May 28-31. My husband owed me this trip after he got to visit friends overseas, while I stayed home with our 2 yr old. Both of us had been to NY before, seperately, but from his descriptions, it was clear he had not truly experienced it. I was thrilled to plan a great trip for us. We love to wine and dine, so food would be a great part of the trip. I made reservations at some great places. We were staying at the Thompson LES. I was excited.
I found out I was pregnant, and would still be in my first trimester during the trip. Praying for no morning sickness fell on deaf ears. I have been sooo sick. So our trip comes around, and I can't even fathom eating. I canceled most of the reservations, aside from 2. I was bummed. But there's a bright side.
I have quickly realized I have a very short window, once hunger does strike, to avoid getting sick. It's about 30 min. Let me say this about NY. There is great food everywhere. I was so caught up in reading about the best this or best that in where to eat, and frankly, it was unimportant. This baby seems fond of pizza, and I ate a lot of it. Anywhere, and everywhere. I couldn't tell you the names of the places, but I don't think it matters. It was all good. When that feeling would hit, we would find a little corner cafe, or bistro, and would have the best meals. The places were full of locals, and had character. I felt like I had had an epiphany. I came away with a new perspective. I think, on future visits, I will focus less on the hot place to eat, and just explore each neighborhood for that gem.
As for what we did...We just walked around each neighborhood. I tended to tire easily, and needed naps, so we didn't pack in as much as I thought we would. But just truly getting to know the city was priceless. We sat on benches and watched the people go by. We walked through Central park. We lingered, and it was great.
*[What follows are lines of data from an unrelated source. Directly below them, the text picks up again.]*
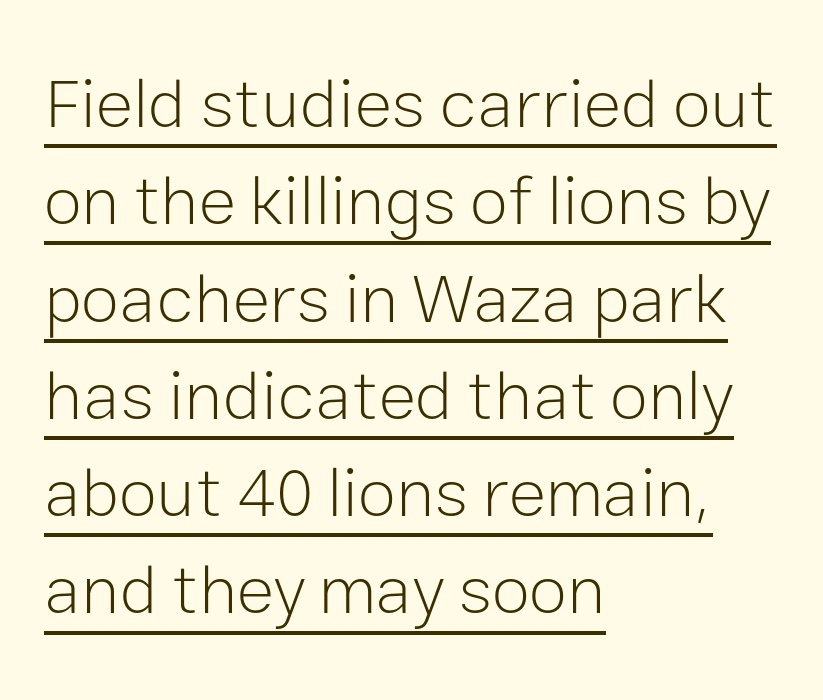
The image shows 70 px light sans-serif type, upright; set left-aligned, normal line spacing (1.39x), normal letter spacing, underlined; low stroke contrast and a medium x-height.
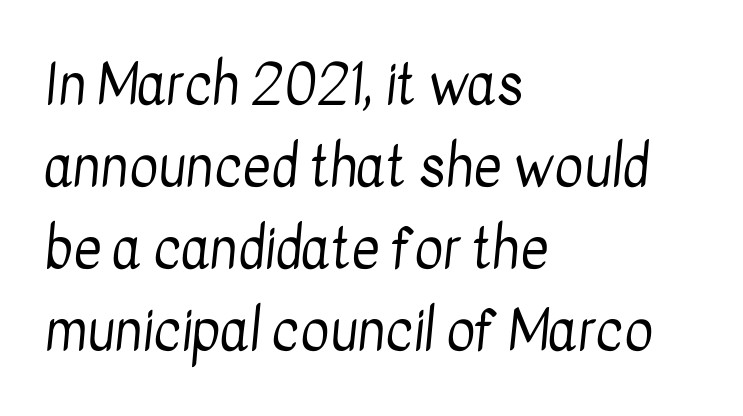
Q: Is the text bold? A: No.
Q: Is the typeface a serif or a sans-serif typeface? A: Sans-serif.
Q: Is the text underlined? A: No.
Q: How is the paragraph aligned? A: Left-aligned.
Q: Is the spacing between letters normal or unusually wide? A: Normal.
Q: Is the spacing between lines tight, normal or loose? A: Normal.
Q: Width (condensed, normal, or wide)? A: Condensed.
Q: Stroke contrast? A: Low.
Q: x-height? A: Medium.
Q: Monospaced? A: No.
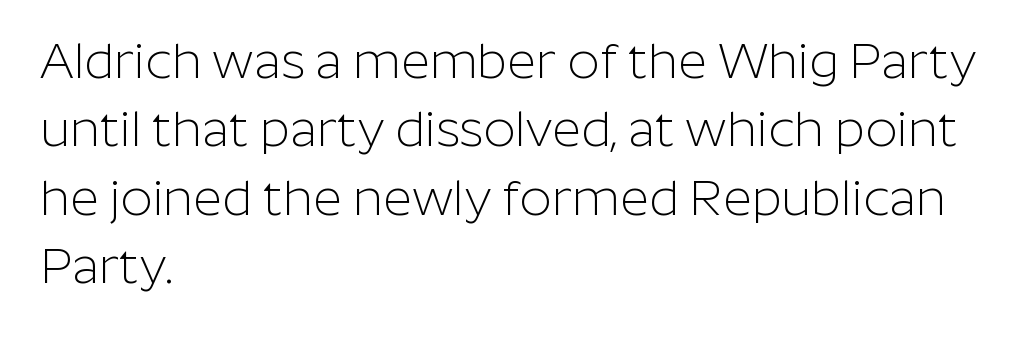
The image shows 50 px light sans-serif type, upright; set left-aligned, normal line spacing (1.37x), normal letter spacing, not underlined; low stroke contrast and a medium x-height.

We did eat at Keens. I couldn't deny my husband that experience. I nearly upchucked at the sight of all that meat, but luckily the baby kept it together. We also ate at Shang, in the hotel, just because we had a $100 credit. I knew it was going to be tough for me, and boy was I right. It's a couple weeks later, and I still get nauseous thinking about Asian food. The food was actually ok, but the service was absurd. All I wanted was pizza.
I've been very fortunate in my life to travel the globe. But nothing, nothing, compares to how I feel about NYC. I've lived the life of a gypsy, never truly calling anywhere home. So how can a place I've never lived in, feel so much like home to me? Everywhere I've gone, I've always been ready to return to my house upon trip completion. NYC is different. I have never wanted to leave, and in fact, am usually in tears the last day of the trip. It truly feels like I belong there.